Monday, June 8, 2020

Week in review: unethical research, hydroxychloroquine RCT, & structural racism

- Jennifer Middleton, MD, MPH

Hydroxychloroquine remains in the news. The Lancet retracted the study I wrote about 2 weeks ago, a large, multinational review of hydroxychloroquine's effectiveness for COVID-19, due to serious concerns about data integrity. After the study's publication, Australian journalists noticed that the study's Australian mortality data did not align with Johns Hopkins University data collected during the same period.  The study data was collected by a company called Surgisphere, and further journalistic digging revealed that "several of Surgisphere’s employees have little or no data or scientific background:"
“Surgisphere came out of nowhere to conduct perhaps the most influential global study in this pandemic in the matter of a few weeks....It doesn’t make sense...It would require many more researchers than it claims to have for this expedient and [size] of multinational study to be possible.” 
Some of the study authors then requested that Surgisphere submit its data to independent peer reviewers.
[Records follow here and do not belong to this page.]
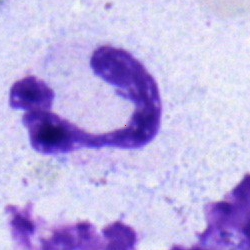

Bone marrow aspirate smear, single cell — segmented neutrophil.
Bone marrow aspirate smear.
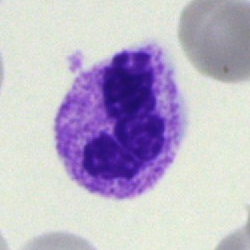 The cell shown is a neutrophil (segmented).
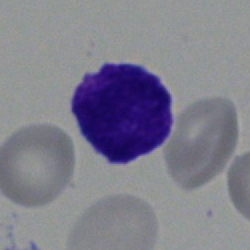Cell: lymphocyte.
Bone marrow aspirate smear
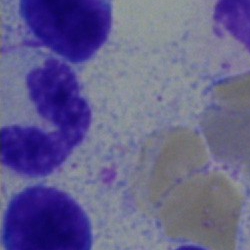

This is a neutrophil (segmented).
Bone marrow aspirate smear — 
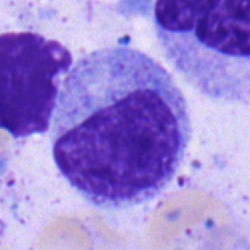

Morphology consistent with a myelocyte.
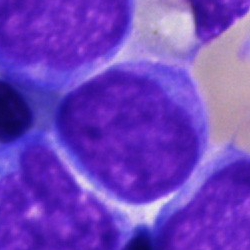Specimen: bone marrow smear.
Morphological class: blast.
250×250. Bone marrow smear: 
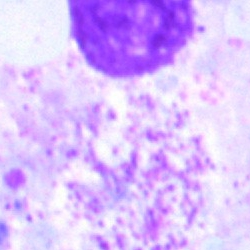
Q: What is shown here?
A: It is an artifact.
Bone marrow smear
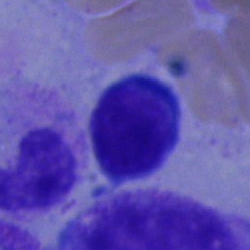Single cell identified as a typical lymphocyte.
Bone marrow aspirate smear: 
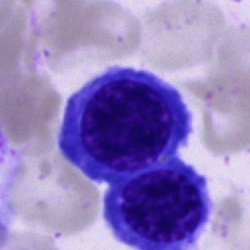Normoblast.
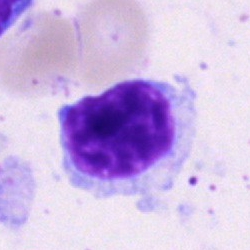

Q: Identify the cell.
A: It is a typical lymphocyte.
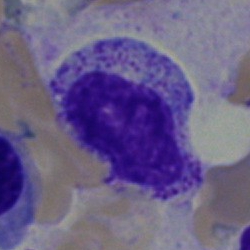
Morphology — myelocyte.
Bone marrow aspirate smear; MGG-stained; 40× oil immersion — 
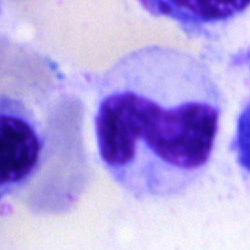Morphology consistent with a stab cell.
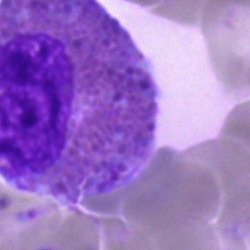

Morphological class — eosinophil.
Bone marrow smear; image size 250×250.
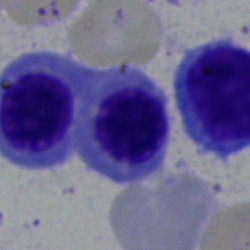

Q: What type of cell is this?
A: An erythroblast.
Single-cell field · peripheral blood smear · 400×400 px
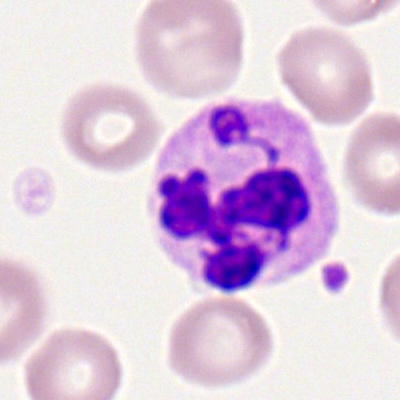 Specimen: peripheral blood smear.
Classification: segmented neutrophil.
Lineage: myeloid.
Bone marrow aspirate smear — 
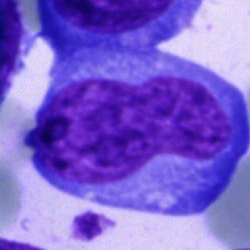Morphology — undifferentiated blast.
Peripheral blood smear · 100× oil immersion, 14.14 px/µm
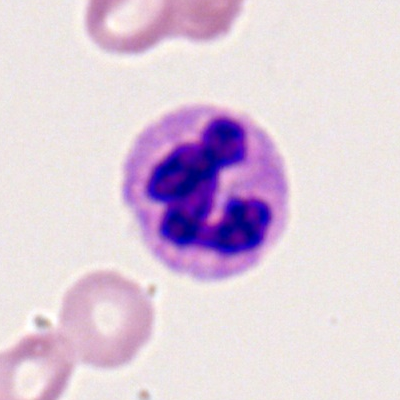

Q: What type of cell is this?
A: A polymorphonuclear neutrophil.
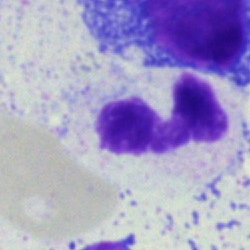 Morphology consistent with a polymorphonuclear neutrophil.
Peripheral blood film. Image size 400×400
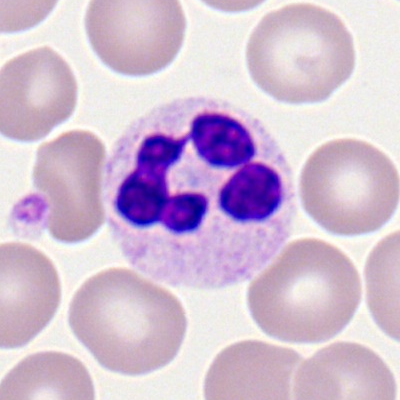
Cell — segmented neutrophil.
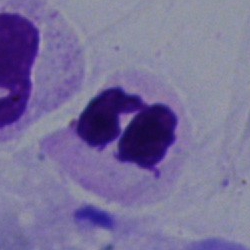
Impression — neutrophil (segmented).
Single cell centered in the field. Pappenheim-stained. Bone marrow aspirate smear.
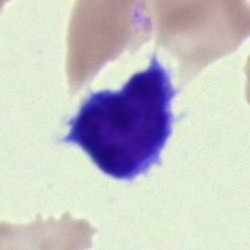 Cell: lymphocyte.
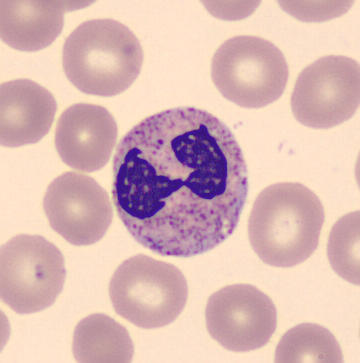 Image: Peripheral blood film · May-Grünwald-Giemsa-stained · cropped to a single cell.
Morphological class — neutrophil (segmented).
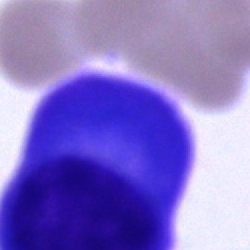
The cell shown is a plasmacyte.
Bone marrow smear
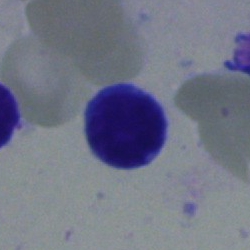Q: What cell is this?
A: It is a typical lymphocyte.
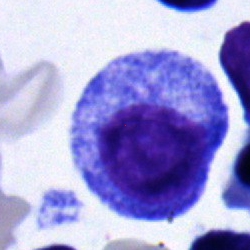

{"cell_type": "promyelocyte"}
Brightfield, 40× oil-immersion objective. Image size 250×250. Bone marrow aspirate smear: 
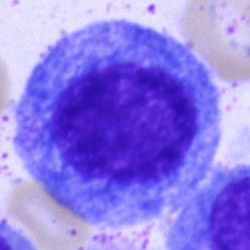Specimen: bone marrow aspirate smear.
Classification: progranulocyte.
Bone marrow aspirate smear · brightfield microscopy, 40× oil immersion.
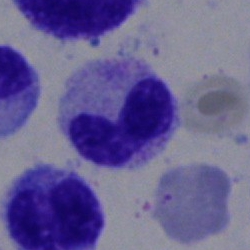Showing a stab cell.
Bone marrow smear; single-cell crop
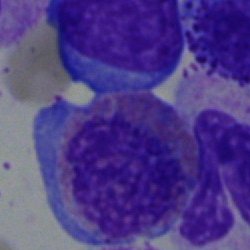Q: What is shown here?
A: An eosinophilic granulocyte.
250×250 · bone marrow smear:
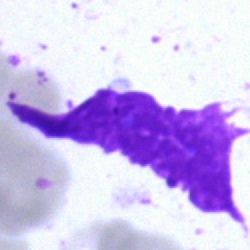
Morphology — artefact.
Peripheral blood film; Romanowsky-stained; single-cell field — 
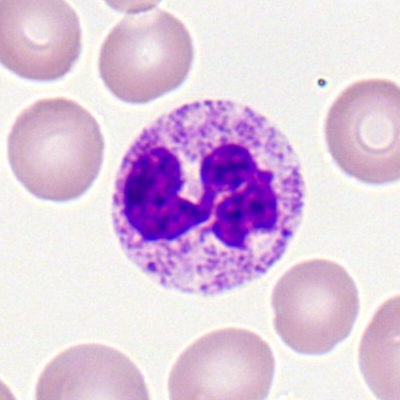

When Surgisphere reportedly refused to do so, they requested retraction of the study. It's disheartening at any time to uncover unethical research practices only after publication, let alone during a global pandemic, when clinicians and patients are desperate for data to guide decisions.

Meanwhile, a more reputable RCT in the United Kingdom (the RECOVERY trialhalted its hydroxychloroquine arm this past week. In just the last 3 months, researchers have enrolled over 11,000 patients in the UK into this trial, which also includes lopinavir-ritonavir, dexamethasone, azithromycin, tocilizumab, convalescent plasma, and "usual care" arms. The study's independent data review monitoring committee notified the researchers that there was no difference in 28-day mortality rates between participants taking hydroxychloroquine and participants receiving usual care (25.7% hydroxychloroquine vs. 23.5% usual care; hazard ratio 1.11 [95% confidence interval 0.98-1.26]), leading the research team to discontinue randomizing patients to receive hydroxychloroquine. It seems far less likely that peer review will uncover any scruples with this rigorously conducted trial, and perhaps the question of hydroxychloroquine's benefit will finally be put to rest despite the Surgisphere fiasco.

A final word for this week: The American Academy of Family Physicians released a statement this week strongly condemning racism. As family physicians, we see daily that structural racism continues to result in profound health inequities in the US, and thousands of physicians across the US participated in White Coats for Black Lives rallies this past week. If you're looking for steps to take toward dismantling this legacy, you can find data about cultural competence training in this AFP Cochrane for Clinicians article, learn about implicit bias in this FPM article, and take practical steps toward "Achieving a More Minority-Friendly Office" here. #BlackLivesMatter.